Ich habe den Eindruck, dass wir besonders in diesem Jahr überall spüren können, dass wir auf diesem guten Weg nicht allein sind: „Nie sind wir allein, stets sind wir die Deinen.“ Im gemeinsamen Bekenntnis unseres Glaubens an den dreieinen Gott erfahren wir, dass die göttliche Gemeinschaft von Vater, Sohn und Geist sich auf uns überträgt.

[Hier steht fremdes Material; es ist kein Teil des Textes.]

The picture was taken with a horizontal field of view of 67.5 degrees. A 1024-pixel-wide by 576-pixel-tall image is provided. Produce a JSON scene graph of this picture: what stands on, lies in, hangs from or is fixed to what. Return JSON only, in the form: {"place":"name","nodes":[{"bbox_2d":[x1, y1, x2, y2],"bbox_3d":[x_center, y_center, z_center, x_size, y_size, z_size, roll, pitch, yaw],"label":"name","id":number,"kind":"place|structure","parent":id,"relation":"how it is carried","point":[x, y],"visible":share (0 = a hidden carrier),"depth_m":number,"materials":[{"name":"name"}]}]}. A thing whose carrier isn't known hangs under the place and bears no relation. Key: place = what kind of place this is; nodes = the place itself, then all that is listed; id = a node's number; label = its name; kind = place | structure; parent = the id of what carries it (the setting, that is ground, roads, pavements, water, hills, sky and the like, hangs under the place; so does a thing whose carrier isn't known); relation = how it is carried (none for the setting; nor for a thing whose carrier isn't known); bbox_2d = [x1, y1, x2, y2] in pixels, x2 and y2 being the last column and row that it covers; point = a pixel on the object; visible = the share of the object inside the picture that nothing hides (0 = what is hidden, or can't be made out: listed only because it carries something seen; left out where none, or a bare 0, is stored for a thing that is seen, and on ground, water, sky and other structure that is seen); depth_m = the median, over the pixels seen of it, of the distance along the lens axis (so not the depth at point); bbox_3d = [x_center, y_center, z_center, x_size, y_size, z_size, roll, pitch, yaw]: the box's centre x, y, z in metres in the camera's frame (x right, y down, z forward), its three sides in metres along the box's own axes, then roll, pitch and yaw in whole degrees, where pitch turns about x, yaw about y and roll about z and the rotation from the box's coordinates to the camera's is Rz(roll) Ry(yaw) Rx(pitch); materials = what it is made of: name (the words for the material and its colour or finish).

In seinen Abschiedsreden bei Johannes verheißt Jesus den Hl. Geist für die Seinen: „Der Beistand … den der Vater in meinem Namen senden wird, der wird euch alles lehren und euch an alles erinnern, was ich euch gesagt habe“ (Joh 14,26). Zurzeit erinnert er uns an die Einheit, dass wir nicht allein sind, wenn wir die Seinen sind. Gottes Geist geht unsere Wege mit, wenn wir gemeinsam voranschreiten.

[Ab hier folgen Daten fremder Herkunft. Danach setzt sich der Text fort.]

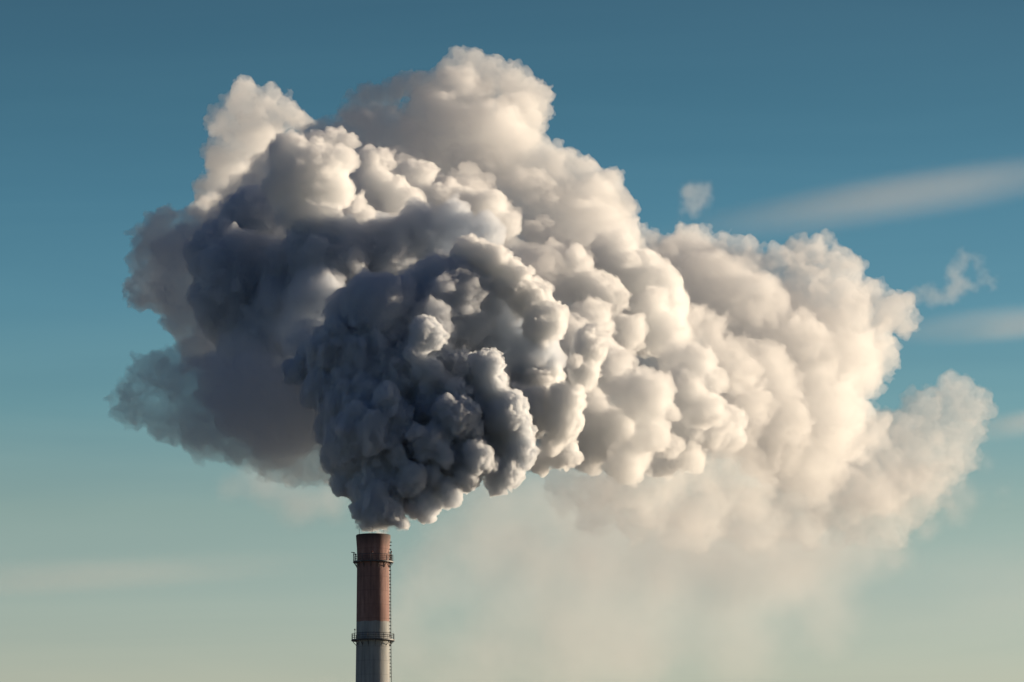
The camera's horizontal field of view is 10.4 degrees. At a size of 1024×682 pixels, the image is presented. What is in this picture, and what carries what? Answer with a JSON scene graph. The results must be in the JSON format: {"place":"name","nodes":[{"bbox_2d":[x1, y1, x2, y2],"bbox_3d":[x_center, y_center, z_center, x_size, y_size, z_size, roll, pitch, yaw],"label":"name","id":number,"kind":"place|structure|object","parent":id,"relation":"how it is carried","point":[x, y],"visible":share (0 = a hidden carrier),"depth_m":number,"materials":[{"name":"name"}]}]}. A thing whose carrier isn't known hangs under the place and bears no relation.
{"place":"outdoors","nodes":[
{"label":"outdoors","id":0,"kind":"place"},
{"bbox_2d":[0,0,1023,681],"label":"sky","id":1,"kind":"structure","parent":0,"point":[647,340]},
{"label":"ground","id":2,"kind":"structure","parent":0,"visible":0},
{"bbox_2d":[351,529,394,681],"bbox_3d":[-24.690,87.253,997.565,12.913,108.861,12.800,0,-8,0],"label":"chimney","id":3,"kind":"object","parent":2,"relation":"on","point":[373,562],"visible":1,"depth_m":1000.87,"materials":[{"name":"paint"}]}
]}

Das ist eine Erfahrung der letzten 50 Jahre.Der Dialog entsteht beim Gehen, die gemeinsamen Vereinbarungen auch, genauso wie die Ökumene des Lebens in der Praxis. Wir erleben, dass die göttliche Gemeinschaft sich bei uns fortsetzen kann.

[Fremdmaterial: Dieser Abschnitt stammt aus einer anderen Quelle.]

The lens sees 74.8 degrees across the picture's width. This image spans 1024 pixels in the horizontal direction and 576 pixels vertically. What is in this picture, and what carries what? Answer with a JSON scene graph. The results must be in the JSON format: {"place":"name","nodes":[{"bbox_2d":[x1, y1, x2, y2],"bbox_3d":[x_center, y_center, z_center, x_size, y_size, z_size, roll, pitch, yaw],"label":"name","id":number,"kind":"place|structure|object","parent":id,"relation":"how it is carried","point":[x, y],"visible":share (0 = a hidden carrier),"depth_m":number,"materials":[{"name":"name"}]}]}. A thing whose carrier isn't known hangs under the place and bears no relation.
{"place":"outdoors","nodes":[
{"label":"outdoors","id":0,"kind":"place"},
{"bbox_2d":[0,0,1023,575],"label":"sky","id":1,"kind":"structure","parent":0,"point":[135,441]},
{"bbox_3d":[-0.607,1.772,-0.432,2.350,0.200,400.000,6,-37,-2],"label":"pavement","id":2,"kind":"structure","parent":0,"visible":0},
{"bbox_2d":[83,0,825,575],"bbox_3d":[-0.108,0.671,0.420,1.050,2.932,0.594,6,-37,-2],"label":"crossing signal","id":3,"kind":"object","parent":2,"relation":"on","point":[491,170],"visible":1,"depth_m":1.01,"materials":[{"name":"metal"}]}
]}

Deshalb ist auch unsere Emotionalität gefordert. Ich erlebe persönlich in meinem Dienst als Ökumenereferent der Diözese Würzburg immer wieder sehr viel Herzlichkeit und Wohlwollen bei den ökumenischen Begegnungen. Viele Theologen, Kirchenräte, BischöfInnen und andere sind mir zu Freunden geworden. Es ist ein Weg der Freundschaft – konkret der Freundschaft in Christus – der uns trägt und uns anspornt, weiter voran zu gehen.
Mein erster evang.-luth. Kollege, mit dem ich eng zusammenarbeitete, sagte mir als ich noch neu im Amt war: „Petro, Ökumene ist mindestens zu 50% Beziehungsarbeit.“ Wenn man das weiß, kann man das gut umsetzen. Und da gehört dann auch das „Lachen oder Weinen“ dazu, das sich Öffnen füreinander – es ist gesegnet.
Die Einheit der Kirche, liebe Schwestern und Brüder, ist keine Utopie. Sie wächst auf verschiedenen Ebenen: Durch die theologischen Dialoge, durch die freundschaftlichen Begegnungen, durch miteinander gelebte Nächstenliebe, vor allem aber im Gebet, denn das Gebet um Einheit, die „geistliche Ökumene“, so sagt es das Konzil, ist „die Seele der ganzen ökumenischen Bewegung“ (UR 8).
Unser Lied ist ein gesungenes Gebet, es bittet um den Segen und fordert uns zugleich auf, ernst zu machen, Ökumene zu leben – in allen Lebenslagen. Der Satz von Frére Roger, dem Gründer der ökumenischen Gemeinschaft von Taizé, der im Gotteslob unter dem Liedtext abgedruckt ist, passt da 100%ig dazu:
„Lebe das, was du vom Evangelium verstanden hast. Und wenn es noch so wenig ist. Aber lebe es.“
Evangelium leben – das geht, wenn es in diese Welt hineinwirken will, heutzutage nur noch ökumenisch.
„Komm, Herr, segne uns, dass wir uns nicht trennen“, sondern immer mehr zusammenwachsen in deinem Namen. Amen.